• [PROBLEM STATEMENT] An exact copy of every entry is needed, without the pictures.

• [RAW DATA]
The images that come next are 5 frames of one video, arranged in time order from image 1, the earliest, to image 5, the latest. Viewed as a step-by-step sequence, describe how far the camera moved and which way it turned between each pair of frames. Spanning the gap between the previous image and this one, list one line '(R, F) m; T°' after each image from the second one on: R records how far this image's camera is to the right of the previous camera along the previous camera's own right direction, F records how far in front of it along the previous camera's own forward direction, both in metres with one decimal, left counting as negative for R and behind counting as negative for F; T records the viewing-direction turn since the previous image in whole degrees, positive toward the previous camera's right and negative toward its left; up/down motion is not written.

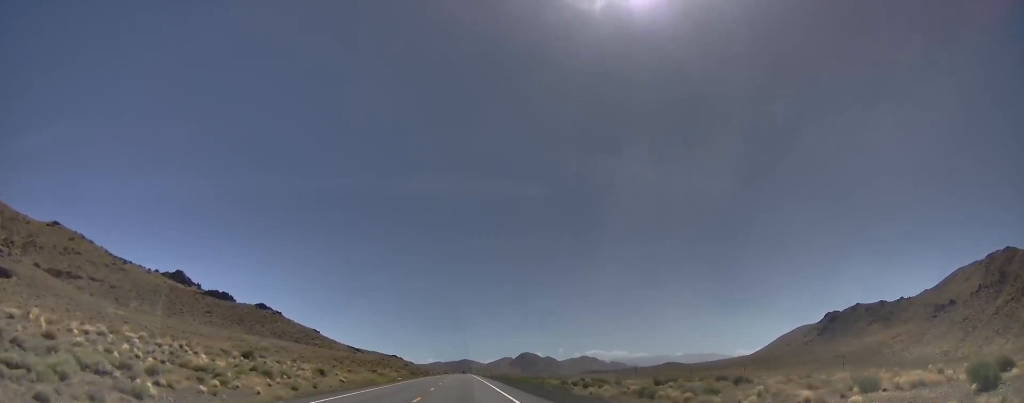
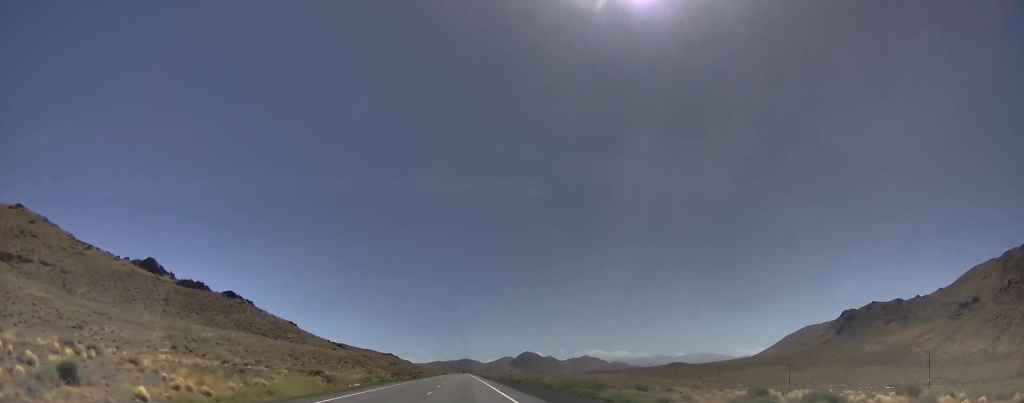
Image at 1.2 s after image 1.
(+0.1, +49.4) m; +1°
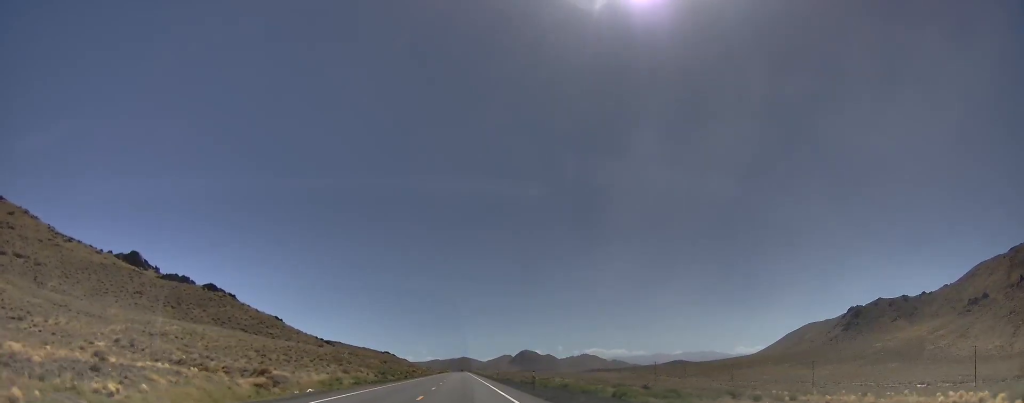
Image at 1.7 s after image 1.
(+0.4, +22.6) m; 0°
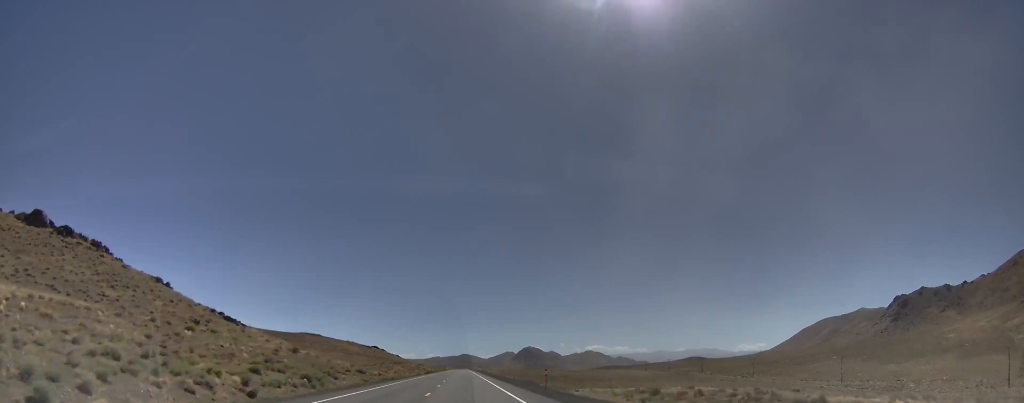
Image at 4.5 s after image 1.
(-0.5, +106.0) m; 0°
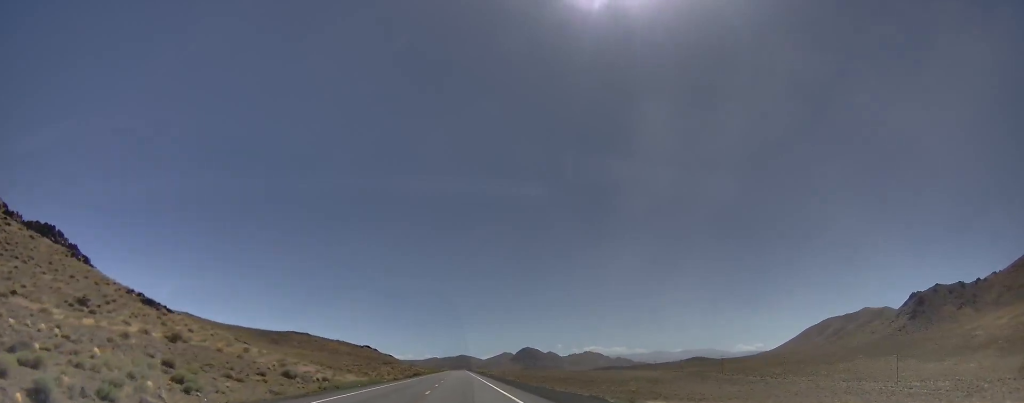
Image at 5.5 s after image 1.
(0.0, +34.4) m; -1°
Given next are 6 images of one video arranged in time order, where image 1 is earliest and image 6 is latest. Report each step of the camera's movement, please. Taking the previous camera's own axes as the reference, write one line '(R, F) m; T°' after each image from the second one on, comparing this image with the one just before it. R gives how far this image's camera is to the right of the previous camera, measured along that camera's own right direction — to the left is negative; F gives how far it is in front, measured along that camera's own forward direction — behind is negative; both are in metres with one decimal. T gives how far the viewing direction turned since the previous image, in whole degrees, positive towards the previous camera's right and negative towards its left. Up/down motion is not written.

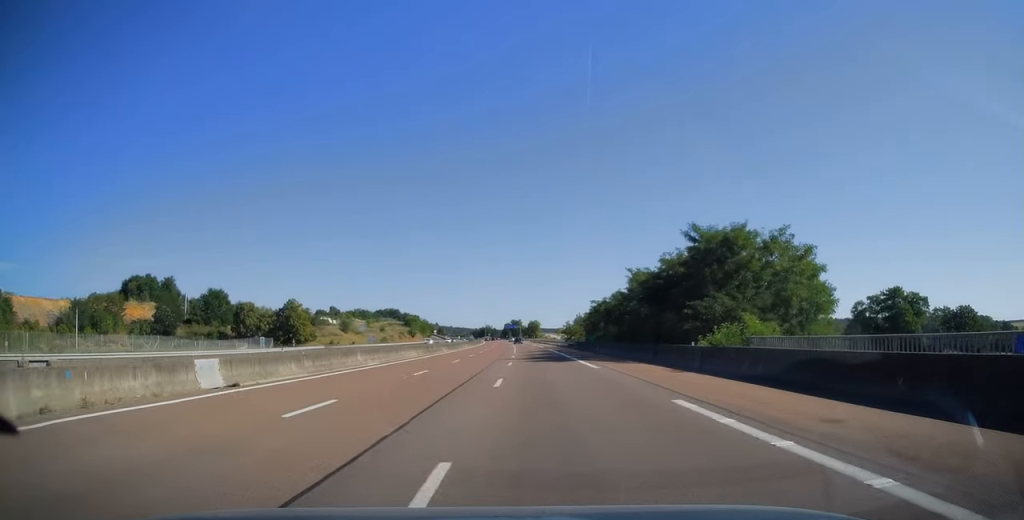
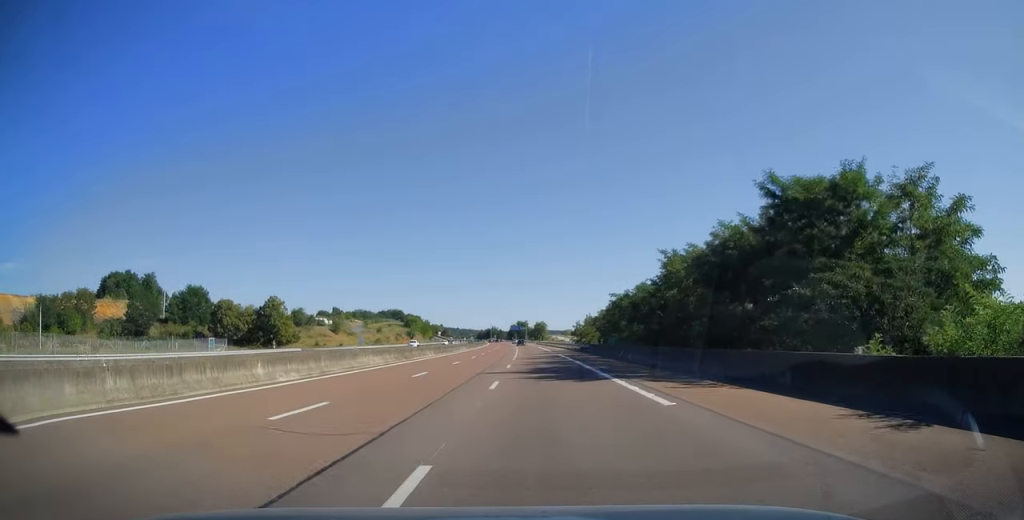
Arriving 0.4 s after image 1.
(0.0, +13.1) m; -1°
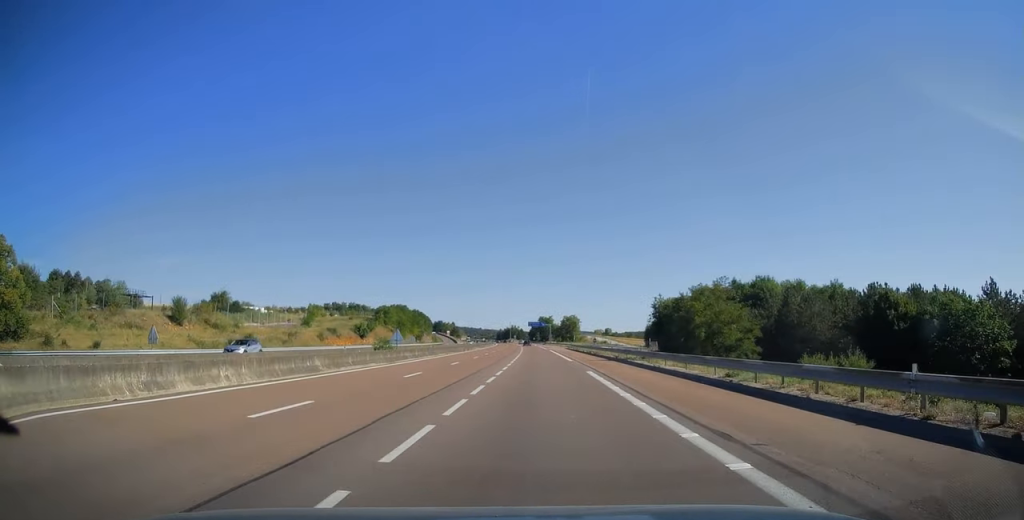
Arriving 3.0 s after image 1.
(-1.9, +77.4) m; -2°
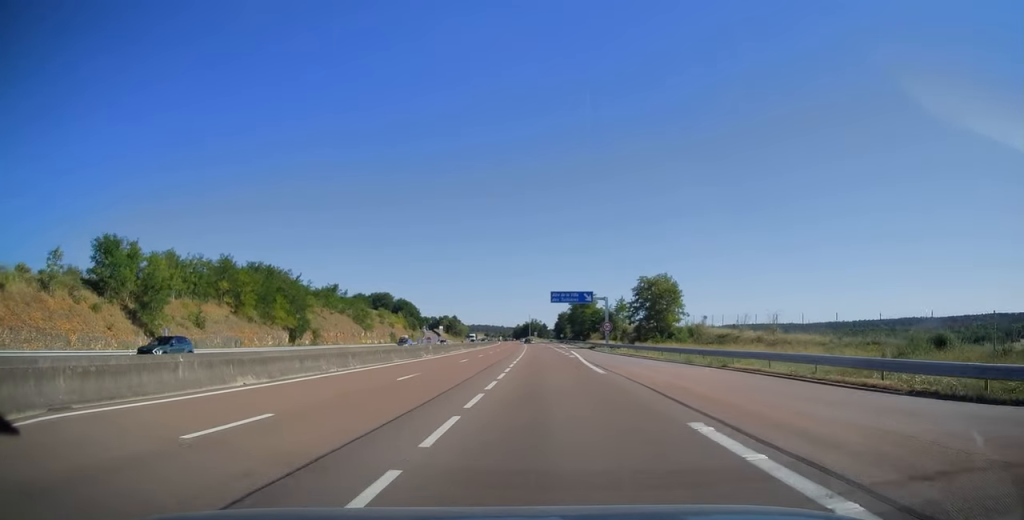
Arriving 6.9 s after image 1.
(-2.6, +119.6) m; -2°
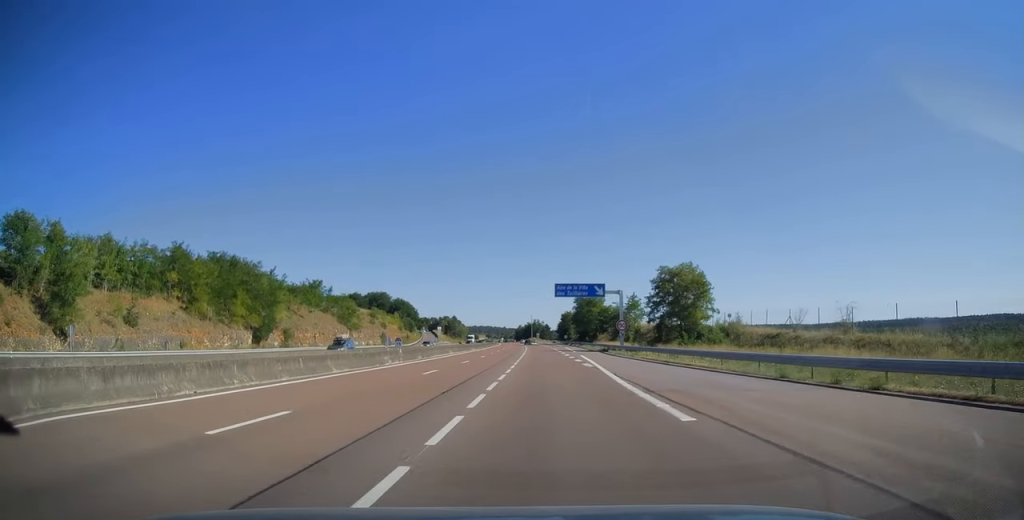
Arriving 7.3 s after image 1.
(-0.1, +12.6) m; 0°
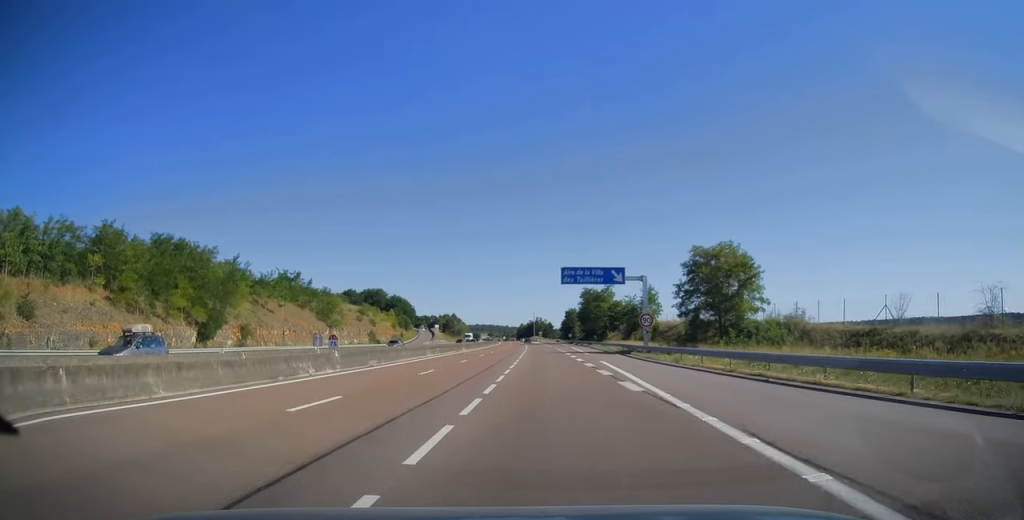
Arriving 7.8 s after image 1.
(0.0, +14.2) m; 0°
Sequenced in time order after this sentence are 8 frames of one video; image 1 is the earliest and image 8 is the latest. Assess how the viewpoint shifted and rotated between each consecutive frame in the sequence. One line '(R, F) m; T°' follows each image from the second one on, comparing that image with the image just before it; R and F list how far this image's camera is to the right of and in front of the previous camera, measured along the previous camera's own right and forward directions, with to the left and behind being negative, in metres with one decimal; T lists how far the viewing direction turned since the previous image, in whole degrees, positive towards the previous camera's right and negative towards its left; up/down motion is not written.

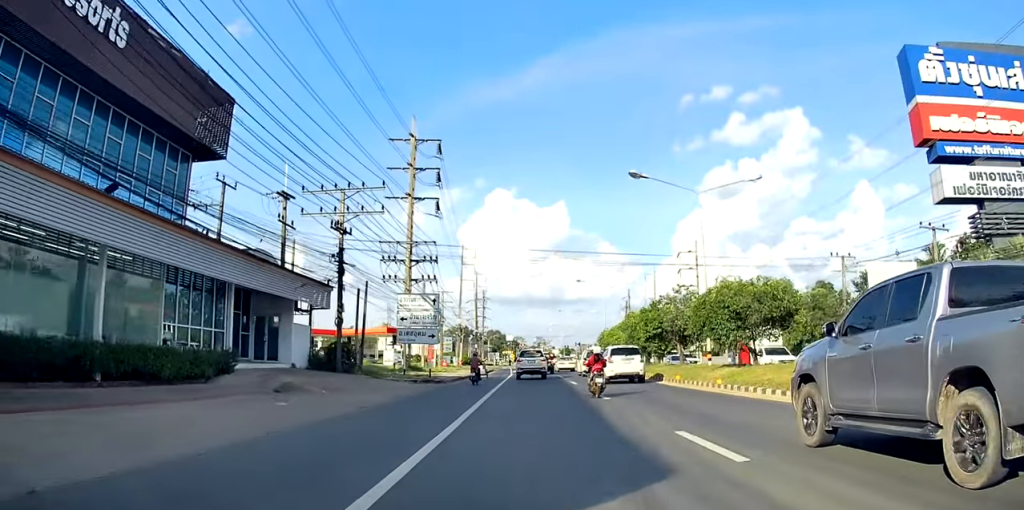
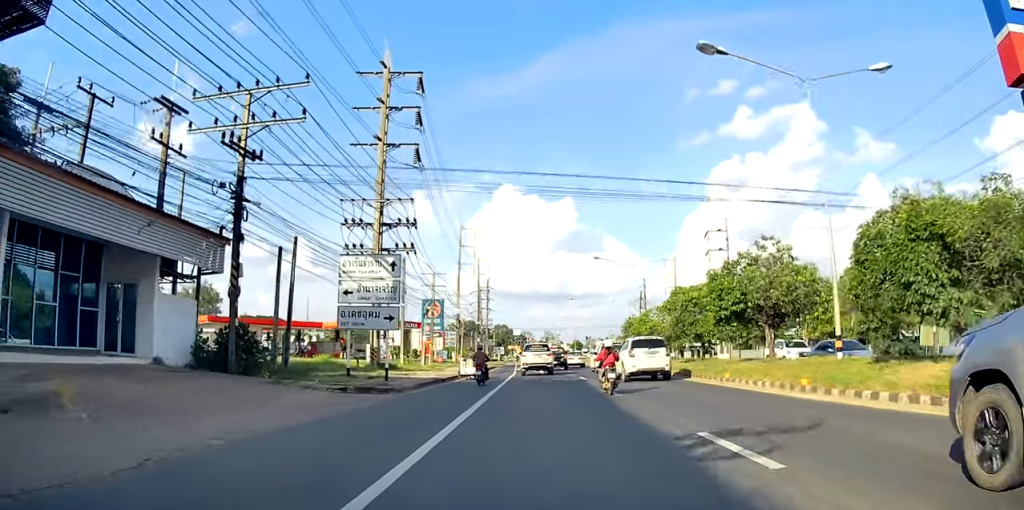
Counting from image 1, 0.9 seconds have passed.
(+0.1, +12.6) m; -2°
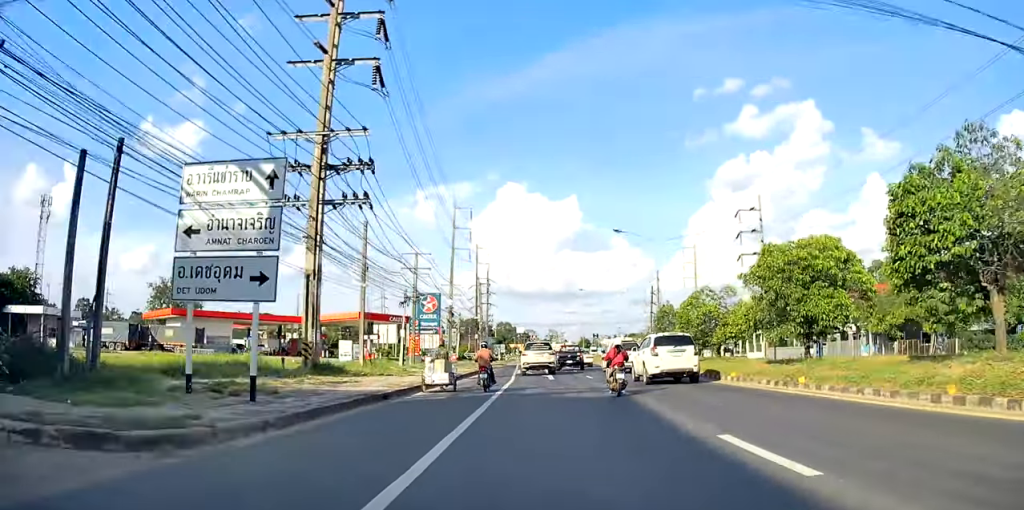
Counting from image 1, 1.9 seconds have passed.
(-0.5, +13.5) m; -2°
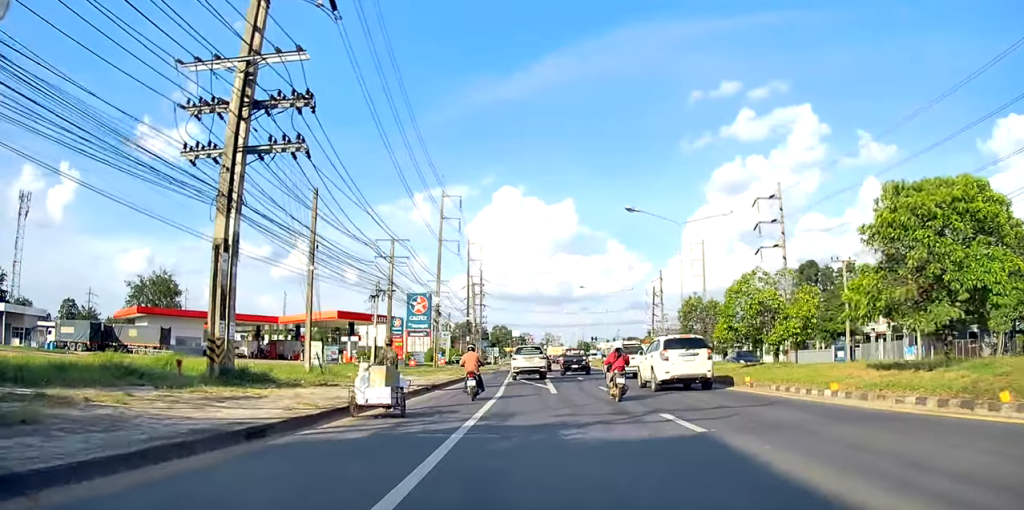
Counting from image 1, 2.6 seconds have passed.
(0.0, +9.2) m; 0°
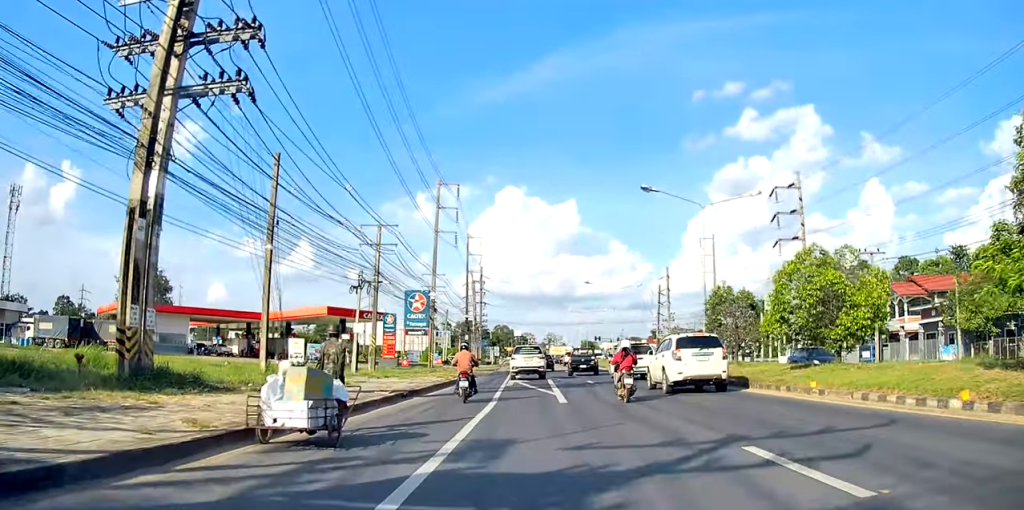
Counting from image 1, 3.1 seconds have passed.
(+0.2, +5.2) m; 0°
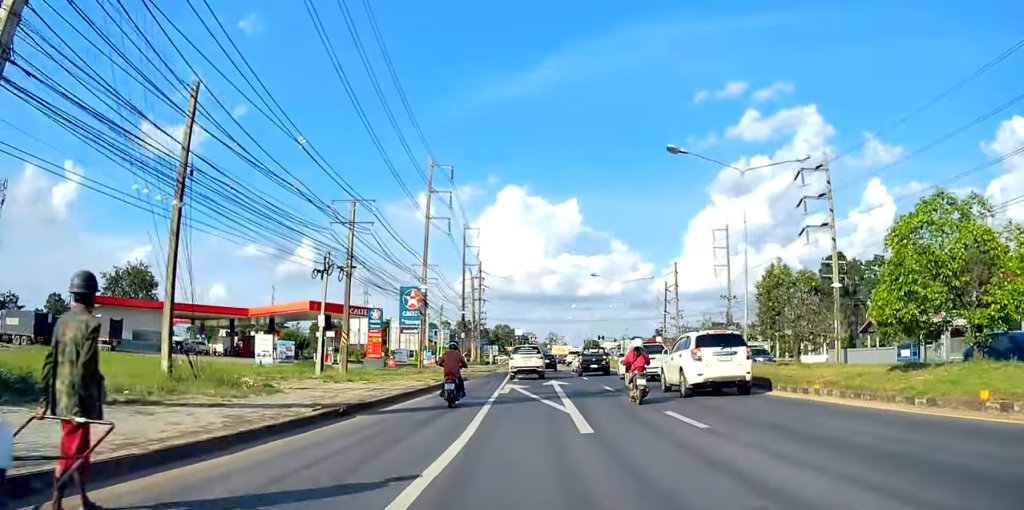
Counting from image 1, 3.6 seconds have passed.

• [YOUR RESPONSE]
The images that come next are 5 frames of one video, arranged in time order from image 1, the earliest, to image 5, the latest. Viewed as a step-by-step sequence, describe how far the camera moved and which way it turned between each pair of frames. Spanning the gap between the previous image and this one, list one line '(R, F) m; T°' after each image from the second one on: R records how far this image's camera is to the right of the previous camera along the previous camera's own right direction, F records how far in front of it along the previous camera's own forward direction, both in metres with one decimal, left counting as negative for R and behind counting as negative for F; T records the viewing-direction turn since the previous image in whole degrees, positive toward the previous camera's right and negative toward its left; up/down motion is not written.

Image at 1.2 s after image 1.
(+0.1, +49.4) m; +1°
Image at 1.7 s after image 1.
(+0.4, +22.6) m; 0°
Image at 4.5 s after image 1.
(-0.5, +106.0) m; 0°
Image at 5.5 s after image 1.
(0.0, +34.4) m; -1°
Given next are 6 images of one video arranged in time order, where image 1 is earliest and image 6 is latest. Report each step of the camera's movement, please. Taking the previous camera's own axes as the reference, write one line '(R, F) m; T°' after each image from the second one on, comparing this image with the one just before it. R gives how far this image's camera is to the right of the previous camera, measured along that camera's own right direction — to the left is negative; F gives how far it is in front, measured along that camera's own forward direction — behind is negative; both are in metres with one decimal. T gives how far the viewing direction turned since the previous image, in whole degrees, positive towards the previous camera's right and negative towards its left. Up/down motion is not written.

Arriving 0.4 s after image 1.
(0.0, +13.1) m; -1°
Arriving 3.0 s after image 1.
(-1.9, +77.4) m; -2°
Arriving 6.9 s after image 1.
(-2.6, +119.6) m; -2°
Arriving 7.3 s after image 1.
(-0.1, +12.6) m; 0°
Arriving 7.8 s after image 1.
(0.0, +14.2) m; 0°
Sequenced in time order after this sentence are 8 frames of one video; image 1 is the earliest and image 8 is the latest. Assess how the viewpoint shifted and rotated between each consecutive frame in the sequence. One line '(R, F) m; T°' follows each image from the second one on, comparing that image with the image just before it; R and F list how far this image's camera is to the right of and in front of the previous camera, measured along the previous camera's own right and forward directions, with to the left and behind being negative, in metres with one decimal; T lists how far the viewing direction turned since the previous image, in whole degrees, positive towards the previous camera's right and negative towards its left; up/down motion is not written.

Counting from image 1, 0.9 seconds have passed.
(+0.1, +12.6) m; -2°
Counting from image 1, 1.9 seconds have passed.
(-0.5, +13.5) m; -2°
Counting from image 1, 2.6 seconds have passed.
(0.0, +9.2) m; 0°
Counting from image 1, 3.1 seconds have passed.
(+0.2, +5.2) m; 0°
Counting from image 1, 3.6 seconds have passed.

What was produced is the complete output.